From taxing wealth to taxing work

The issue underlying all our economic problems is the way the U.S. demands more sacrifice of those who labor

September 20, 2011|Thomas F. Schaller

The most consequential national tax policy change during the past three decades has been the steady shift of the nation's tax burden from wealth to work. This shift in tax priorities is connected to stagnant growth, unemployment, economic inequality, societal stress and, of course, our national deficit and debt problems.

It wasn't always this way. The 25 years following World War II were a time of great American prosperity, growth and expansion of the middle class. I can't tell you how many Americans old enough to remember have told me America was a better country then, and economically speaking, they're right. As recent books by Paul Krugman, Larry Bartels, and Paul Pierson and Jacob Hacker all demonstrate, post-war America celebrated strong economic growth rates and an expanding, more-prosperous middle class.

Conveniently forgotten is how different tax policy and economic circumstances were then.

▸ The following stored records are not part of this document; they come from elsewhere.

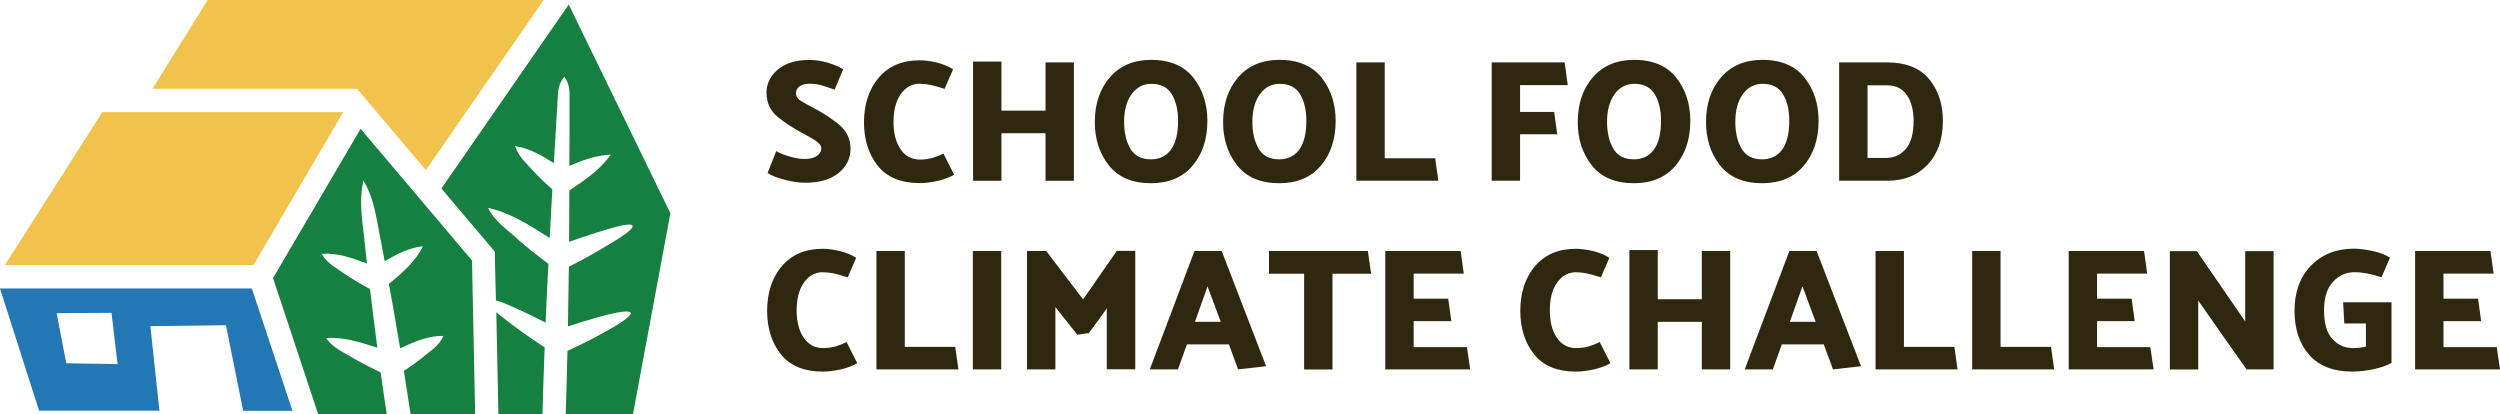 <svg width="356" height="59" viewBox="0 0 356 59" fill="none" xmlns="http://www.w3.org/2000/svg">
<g clip-path="url(#clip0_84_1406)">
<path d="M109.141 13.271C109.141 11.937 109.687 10.803 110.763 9.903C111.84 9.003 113.33 8.536 115.218 8.536C116.062 8.536 116.907 8.653 117.784 8.903C118.645 9.153 119.424 9.47 120.07 9.87L118.844 12.771C118.082 12.487 117.453 12.287 116.956 12.137C116.443 12.004 115.897 11.92 115.284 11.92C114.671 11.92 114.224 12.037 113.876 12.287C113.529 12.537 113.347 12.871 113.347 13.271C113.347 13.738 113.612 14.121 114.158 14.438C114.704 14.755 115.35 15.105 116.095 15.505C117.271 16.122 118.414 16.872 119.49 17.755C120.566 18.656 121.113 19.789 121.113 21.173C121.113 22.557 120.55 23.724 119.407 24.641C118.265 25.574 116.675 26.024 114.622 26.024C113.81 26.024 112.866 25.891 111.773 25.608C110.681 25.324 109.853 25.008 109.306 24.641L110.532 21.523C110.995 21.79 111.608 22.04 112.386 22.273C113.164 22.507 113.876 22.64 114.522 22.64C115.334 22.64 115.93 22.49 116.344 22.19C116.758 21.89 116.956 21.54 116.956 21.123C116.956 20.74 116.658 20.373 116.079 19.989C115.499 19.623 114.853 19.256 114.175 18.906C113.049 18.306 111.923 17.589 110.813 16.705C109.704 15.822 109.157 14.671 109.157 13.221L109.141 13.271Z" fill="#30270F"/>
<path d="M130.981 11.92C129.872 11.92 128.961 12.42 128.266 13.404C127.57 14.388 127.239 15.721 127.239 17.372C127.239 19.022 127.57 20.239 128.233 21.239C128.895 22.223 129.822 22.723 130.998 22.723C131.66 22.723 132.257 22.64 132.82 22.473C133.383 22.306 133.879 22.106 134.343 21.856L135.866 24.874C135.221 25.257 134.459 25.541 133.548 25.758C132.637 25.957 131.793 26.074 130.981 26.074C128.299 26.074 126.312 25.257 125.004 23.623C123.696 21.99 123.033 19.906 123.033 17.405C123.033 14.904 123.729 12.687 125.136 11.053C126.544 9.403 128.481 8.586 130.965 8.586C131.677 8.586 132.472 8.686 133.366 8.903C134.26 9.119 135.038 9.436 135.717 9.87L134.509 12.654C133.664 12.387 133.018 12.204 132.571 12.104C132.107 12.004 131.578 11.937 130.965 11.937L130.981 11.92Z" fill="#30270F"/>
<path d="M142.607 8.77V15.755H148.883V8.886H152.923V25.741H148.883V18.972H142.607V25.741H138.566V8.77H142.607Z" fill="#30270F"/>
<path d="M163.9 8.52C166.583 8.52 168.586 9.37 169.928 11.054C171.269 12.754 171.931 14.805 171.931 17.205C171.931 19.823 171.219 21.957 169.812 23.607C168.404 25.258 166.434 26.091 163.9 26.091C161.234 26.091 159.247 25.241 157.906 23.557C156.565 21.857 155.902 19.806 155.902 17.389C155.902 14.788 156.614 12.671 158.038 11.02C159.463 9.37 161.416 8.536 163.9 8.52ZM163.884 22.69C165.093 22.69 166.053 22.24 166.732 21.323C167.411 20.406 167.759 19.039 167.759 17.205C167.759 15.672 167.46 14.405 166.864 13.421C166.268 12.437 165.308 11.937 163.967 11.937C162.791 11.937 161.847 12.437 161.135 13.421C160.423 14.405 160.075 15.722 160.075 17.355C160.075 18.889 160.373 20.156 160.969 21.173C161.565 22.19 162.542 22.69 163.884 22.69Z" fill="#30270F"/>
<path d="M182.166 8.52C184.848 8.52 186.852 9.37 188.193 11.054C189.535 12.754 190.197 14.805 190.197 17.205C190.197 19.823 189.485 21.957 188.077 23.607C186.67 25.258 184.699 26.091 182.166 26.091C179.5 26.091 177.513 25.241 176.172 23.557C174.83 21.857 174.168 19.806 174.168 17.389C174.168 14.788 174.88 12.671 176.304 11.02C177.728 9.37 179.682 8.536 182.166 8.52ZM182.149 22.69C183.358 22.69 184.319 22.24 184.997 21.323C185.676 20.406 186.024 19.039 186.024 17.205C186.024 15.672 185.726 14.405 185.13 13.421C184.534 12.437 183.573 11.937 182.232 11.937C181.056 11.937 180.113 12.437 179.401 13.421C178.689 14.405 178.341 15.722 178.341 17.355C178.341 18.889 178.639 20.156 179.235 21.173C179.831 22.19 180.808 22.69 182.149 22.69Z" fill="#30270F"/>
<path d="M204.819 25.741H193.145V8.887H197.185V22.541H204.371L204.819 25.741Z" fill="#30270F"/>
<path d="M221.757 19.123H216.458V25.741H212.418V8.887H222.8C222.883 9.42 222.966 9.954 223.032 10.504C223.098 11.054 223.181 11.588 223.248 12.121H216.458V15.939H221.31L221.757 19.14V19.123Z" fill="#30270F"/>
<path d="M232.67 8.52C235.352 8.52 237.356 9.37 238.697 11.054C240.039 12.754 240.701 14.805 240.701 17.205C240.701 19.823 239.989 21.957 238.581 23.607C237.174 25.258 235.203 26.091 232.67 26.091C230.004 26.091 228.017 25.241 226.676 23.557C225.334 21.857 224.672 19.806 224.672 17.389C224.672 14.788 225.384 12.671 226.808 11.02C228.232 9.37 230.186 8.536 232.67 8.52ZM232.653 22.69C233.862 22.69 234.823 22.24 235.501 21.323C236.18 20.406 236.528 19.039 236.528 17.205C236.528 15.672 236.23 14.405 235.634 13.421C235.038 12.437 234.077 11.937 232.736 11.937C231.56 11.937 230.617 12.437 229.904 13.421C229.192 14.405 228.845 15.722 228.845 17.355C228.845 18.889 229.143 20.156 229.739 21.173C230.335 22.19 231.312 22.69 232.653 22.69Z" fill="#30270F"/>
<path d="M250.935 8.52C253.618 8.52 255.622 9.37 256.963 11.054C258.304 12.754 258.967 14.805 258.967 17.205C258.967 19.823 258.254 21.957 256.847 23.607C255.439 25.258 253.469 26.091 250.935 26.091C248.269 26.091 246.282 25.241 244.941 23.557C243.6 21.857 242.938 19.806 242.938 17.389C242.938 14.788 243.65 12.671 245.074 11.02C246.498 9.37 248.452 8.536 250.935 8.52ZM250.919 22.69C252.128 22.69 253.088 22.24 253.767 21.323C254.446 20.406 254.794 19.039 254.794 17.205C254.794 15.672 254.496 14.405 253.899 13.421C253.303 12.437 252.343 11.937 251.002 11.937C249.826 11.937 248.882 12.437 248.17 13.421C247.458 14.405 247.11 15.722 247.11 17.355C247.11 18.889 247.408 20.156 248.005 21.173C248.601 22.19 249.578 22.69 250.919 22.69Z" fill="#30270F"/>
<path d="M268.768 25.741H261.896V8.887H268.768C271.385 8.887 273.355 9.67 274.68 11.237C276.005 12.805 276.667 14.788 276.667 17.222C276.667 19.84 275.938 21.907 274.498 23.441C273.057 24.975 271.136 25.741 268.768 25.741ZM268.719 12.154H265.937V22.491H268.553C269.696 22.491 270.64 22.074 271.385 21.207C272.13 20.357 272.494 19.023 272.494 17.206C272.494 15.705 272.18 14.488 271.55 13.555C270.921 12.621 269.977 12.154 268.735 12.154H268.719Z" fill="#30270F"/>
<path d="M117.187 38.761C116.077 38.761 115.166 39.261 114.471 40.245C113.775 41.228 113.444 42.562 113.444 44.213C113.444 45.863 113.775 47.08 114.438 48.08C115.1 49.064 116.027 49.564 117.203 49.564C117.865 49.564 118.462 49.481 119.025 49.314C119.588 49.147 120.084 48.947 120.548 48.697L122.071 51.715C121.426 52.098 120.664 52.382 119.753 52.598C118.842 52.798 117.998 52.915 117.187 52.915C114.504 52.915 112.517 52.098 111.209 50.464C109.901 48.831 109.238 46.747 109.238 44.246C109.238 41.745 109.934 39.528 111.341 37.894C112.749 36.244 114.686 35.427 117.17 35.427C117.882 35.427 118.677 35.544 119.571 35.743C120.465 35.96 121.243 36.277 121.922 36.711L120.714 39.495C119.869 39.228 119.223 39.044 118.776 38.944C118.313 38.844 117.783 38.778 117.17 38.778L117.187 38.761Z" fill="#30270F"/>
<path d="M136.477 52.598H124.803V35.743H128.843V49.397H136.03L136.477 52.598Z" fill="#30270F"/>
<path d="M142.572 35.743V52.598H138.531V35.743H142.572Z" fill="#30270F"/>
<path d="M153.435 47.697L150.288 43.729V52.598H146.248V35.743H148.98L154.229 42.629C155.041 41.495 155.836 40.344 156.63 39.178C157.425 38.027 158.22 36.877 159.032 35.727H161.664V52.581H157.607V43.912C157.193 44.512 156.78 45.096 156.332 45.679C155.902 46.263 155.471 46.863 155.041 47.447C154.776 47.447 154.511 47.497 154.246 47.547C153.981 47.597 153.716 47.63 153.451 47.663L153.435 47.697Z" fill="#30270F"/>
<path d="M173.968 35.743L180.293 52.148L176.303 52.598L174.994 49.047H169.017L167.742 52.598H163.734L170.093 35.743H173.984H173.968ZM171.948 40.795L170.159 45.829H173.835L171.964 40.795H171.948Z" fill="#30270F"/>
<path d="M180.724 35.743H194.782C194.865 36.293 194.948 36.827 195.014 37.36C195.08 37.894 195.163 38.427 195.246 38.977H189.748V52.615H185.708V38.977H180.707V35.76L180.724 35.743Z" fill="#30270F"/>
<path d="M209.354 52.598H197.266V35.743H207.996L208.443 38.961H201.306V42.528H206.224L206.671 45.729H201.306V49.43H208.89C208.973 49.964 209.056 50.481 209.122 51.014C209.188 51.548 209.271 52.064 209.354 52.598Z" fill="#30270F"/>
<path d="M224.438 38.761C223.329 38.761 222.418 39.261 221.723 40.245C221.027 41.228 220.696 42.562 220.696 44.213C220.696 45.863 221.027 47.08 221.69 48.08C222.352 49.064 223.279 49.564 224.455 49.564C225.117 49.564 225.714 49.481 226.277 49.314C226.84 49.147 227.336 48.947 227.8 48.697L229.323 51.715C228.678 52.098 227.916 52.382 227.005 52.598C226.094 52.798 225.25 52.915 224.438 52.915C221.756 52.915 219.769 52.098 218.461 50.464C217.153 48.831 216.49 46.747 216.49 44.246C216.49 41.745 217.186 39.528 218.593 37.894C220.001 36.244 221.938 35.427 224.422 35.427C225.134 35.427 225.929 35.544 226.823 35.743C227.717 35.96 228.495 36.277 229.174 36.711L227.966 39.495C227.121 39.228 226.475 39.044 226.028 38.944C225.565 38.844 225.035 38.778 224.422 38.778L224.438 38.761Z" fill="#30270F"/>
<path d="M236.064 35.627V42.612H242.34V35.744H246.38V52.599H242.34V45.83H236.064V52.599H232.023V35.61H236.064V35.627Z" fill="#30270F"/>
<path d="M258.683 35.743L265.008 52.148L261.017 52.598L259.709 49.047H253.732L252.456 52.598H248.449L254.808 35.743H258.699H258.683ZM256.662 40.795L254.874 45.829H258.55L256.679 40.795H256.662Z" fill="#30270F"/>
<path d="M278.752 52.598H267.078V35.743H271.119V49.397H278.305L278.752 52.598Z" fill="#30270F"/>
<path d="M292.512 52.598H280.838V35.743H284.878V49.397H292.065L292.512 52.598Z" fill="#30270F"/>
<path d="M306.67 52.598H294.582V35.743H305.312L305.759 38.961H298.622V42.528H303.54L303.988 45.729H298.622V49.43H306.206C306.289 49.964 306.372 50.481 306.438 51.014C306.504 51.548 306.587 52.064 306.67 52.598Z" fill="#30270F"/>
<path d="M323.759 35.743V52.598H319.917C318.775 50.998 317.615 49.364 316.456 47.697C315.297 46.029 314.155 44.396 313.029 42.795V52.615H308.988V35.76H312.83L319.718 45.779V35.76H323.759V35.743Z" fill="#30270F"/>
<path d="M340.534 51.681C339.871 52.065 339.01 52.365 337.951 52.582C336.891 52.798 335.897 52.915 334.97 52.915C332.287 52.915 330.251 52.132 328.843 50.548C327.436 48.964 326.74 46.863 326.74 44.246C326.74 41.629 327.518 39.411 329.092 37.811C330.665 36.21 332.701 35.41 335.218 35.41C335.93 35.41 336.791 35.527 337.802 35.727C338.812 35.944 339.656 36.26 340.335 36.694L339.126 39.478C338.282 39.211 337.586 39.028 337.023 38.928C336.46 38.828 335.864 38.761 335.268 38.761C334.092 38.761 333.066 39.211 332.221 40.128C331.36 41.045 330.946 42.395 330.946 44.213C330.946 46.03 331.327 47.38 332.105 48.247C332.884 49.114 333.861 49.564 335.053 49.564C335.384 49.564 335.699 49.564 336.013 49.514C336.328 49.464 336.626 49.431 336.907 49.364V46.063H333.827L333.662 43.046H340.55V51.665L340.534 51.681Z" fill="#30270F"/>
<path d="M356 52.598H343.912V35.743H354.642L355.089 38.961H347.952V42.528H352.87L353.318 45.729H347.952V49.43H355.536C355.619 49.964 355.702 50.481 355.768 51.014C355.835 51.548 355.917 52.064 356 52.598Z" fill="#30270F"/>
<path d="M80.989 0.65L62.857 26.841L69.713 34.943L70.475 35.844V37.027L70.624 42.779C71.203 42.912 71.716 43.146 72.246 43.362C74.101 44.146 75.906 45.03 77.694 45.947C77.81 43.162 77.943 40.362 78.092 37.578C76.651 36.494 75.243 35.394 73.886 34.21C72.313 32.709 70.508 31.659 69.498 29.609C72.528 30.209 75.508 32.126 78.274 33.893C78.39 31.576 78.522 29.259 78.655 26.958C77.694 26.124 76.767 25.241 75.906 24.324C74.929 23.19 73.836 22.34 73.356 20.806C75.392 21.106 77.164 22.14 78.87 23.24C79.052 20.123 79.234 17.022 79.416 13.971C79.449 12.937 79.549 11.904 80.36 10.903C81.105 11.954 81.138 13.004 81.105 14.037C81.105 16.555 81.105 20.039 81.072 23.623C82.943 22.823 84.831 22.106 86.984 22.023C85.394 24.24 83.241 25.674 81.072 27.125C81.072 29.775 81.056 32.343 81.039 34.443C83.092 33.676 85.278 33.01 87.315 32.409C90.71 31.476 91.041 32.076 88.027 34.01C85.791 35.394 83.391 36.794 81.006 37.978C80.973 40.812 80.923 43.646 80.874 46.48C81.999 46.097 83.126 45.746 84.268 45.43C86.487 44.73 93.193 42.996 87.729 46.363C85.477 47.68 83.175 48.897 80.807 49.964C80.741 52.982 80.658 55.999 80.559 59.017H90.13L95.462 30.359L80.989 0.65Z" fill="#168040"/>
<path d="M77.546 49.464C75.393 48.064 73.307 46.58 71.303 44.98C71.088 44.813 70.873 44.646 70.674 44.48L70.972 58.934V59H77.248C77.331 55.849 77.43 52.682 77.562 49.464H77.546Z" fill="#168040"/>
<path d="M54.198 53.032C52.989 52.449 51.797 51.848 50.638 51.198C49.131 50.248 47.525 49.681 46.415 48.131C48.949 47.964 51.35 48.731 53.734 49.531C53.37 46.73 53.022 43.929 52.691 41.162C51.499 40.529 50.306 39.828 49.181 39.078C47.939 38.161 46.63 37.578 45.786 36.144C48.054 35.977 50.174 36.744 52.261 37.528C52.161 36.694 52.062 35.861 51.979 35.027C51.714 31.943 51.002 28.942 51.764 25.708C53.453 28.575 53.651 31.659 54.314 34.677L54.777 37.194C56.483 36.194 58.238 35.277 60.225 35.06C59.199 37.211 57.261 38.878 55.373 40.428L55.986 43.763C56.317 45.697 56.649 47.647 56.98 49.598C58.95 48.681 60.954 47.797 63.156 47.831C62.477 49.331 61.219 49.981 60.076 50.981C59.248 51.632 58.387 52.248 57.51 52.815C57.841 54.866 58.155 56.933 58.47 58.984H67.66L67.213 37.094L51.35 18.339L38.881 39.595L45.306 58.984H55.075C54.777 57.017 54.479 55.033 54.198 53.015V53.032Z" fill="#168040"/>
<path d="M50.836 12.637L60.639 24.224L77.413 0H29.575L21.709 12.637H50.836Z" fill="#F2C34C"/>
<path d="M35.85 41.078H0L5.564 58.483H22.702L21.411 46.446L32.174 46.313L34.625 58.5H41.646L35.867 41.095L35.85 41.078ZM9.439 51.731L8.064 44.596L15.88 44.546L16.741 51.848L9.455 51.731H9.439Z" fill="#2377B5"/>
<path d="M14.572 15.971L0.695 37.743H36.098L48.468 16.654L48.882 15.971H14.572Z" fill="#F2C34C"/>
</g>
<defs>
<clipPath id="clip0_84_1406">
<rect width="356" height="59" fill="white"/>
</clipPath>
</defs>
</svg>

Unions were stronger and more pervasive; top marginal income rates were higher; payroll tax rates on labor were lower; the share of federal revenues derived from corporate taxes was higher; the ratio between CEO pay and that of the average worker was much smaller; the inflation-adjusted value of the minimum wage was higher; and massive public investments like the GI Bill were considered patriotic — not socialistic.

These were the happy days when Mr. Cunningham raised Richie, Joanie and Chuck into college from the working-class suburbs of Milwaukee without the benefit of a college degree or a wife who provided a second income. Pause a moment to count how many families you know who can do that today.

The American dream — doing better than one's parents did — persists. What's changed is how one gets there. Working hard used to be sufficient. But hard work is taxed more heavily now. In fact, it's the only behavior that, in all but a few states, is triple-taxed via state and federal incomes taxes, plus payroll taxes.

Today, the easier path to prosperity is to start at the finish line: to be wealthy in the first place. Why? Because wealth is often taxed just once, typically at half or less the rate work is.

As an example, for a typical middle-class earner, the marginal income tax rate on $100 gained from what the government deems "earned income" — that is, from work, whether paid hourly, by salary or commission — is either 25 percent or 28 percent, depending on one's top tax bracket. But a person who gains $100 in income from most capital investments held at least a year is taxed 15 percent.

The wealth-work disparity explains how it's possible for Warren Buffett to pay a lower net tax rate than his secretary, or that the 400 wealthiest Americans last year paid an average federal income tax of about 18 percent, compared to 23 percent in 2002 and 30 percent in 1995. Because the wealthiest derive their incomes almost exclusively from wealth, they pay lower overall rates than the vast majority of Americans, who of course derive almost all of their annual income from work.

What should happen as the tax burden steadily shifts from wealth to work? Well, exactly what has happened: Life has gotten tougher for working-class Americans while wealth has concentrated in the pockets of an elite few. The wealthiest 20 percent of Americans presently hold 84 percent of the nation's wealth; the wealthiest 40 percent control 93 percent.

For realized gains — that is, income derived annually from sales of assets or appreciations in wealth — the wealth gap is more lopsided. According to a recent Washington Post analysis, on their tax returns, the top 0.1 percent of Americans now account for half of the nation's total capital gains. That's right: For every thousand Americans, the wealthiest person reports the same total gains from capital as the remaining 999 persons combined.

Unless working-class Americans start paying attention during tax debates like the coming one on President Obama's stimulus and tax reform proposals, the wealthiest — who, because they pick up most of the campaign tab for both parties' candidates, are also the most powerful — will continue to reinforce the wealth-work tax disparity. And America will continue its steady bifurcation into a so-called "ownership society" for the few who control most of its wealth and a debtor society for the vast majority of hardworking Americans who do not.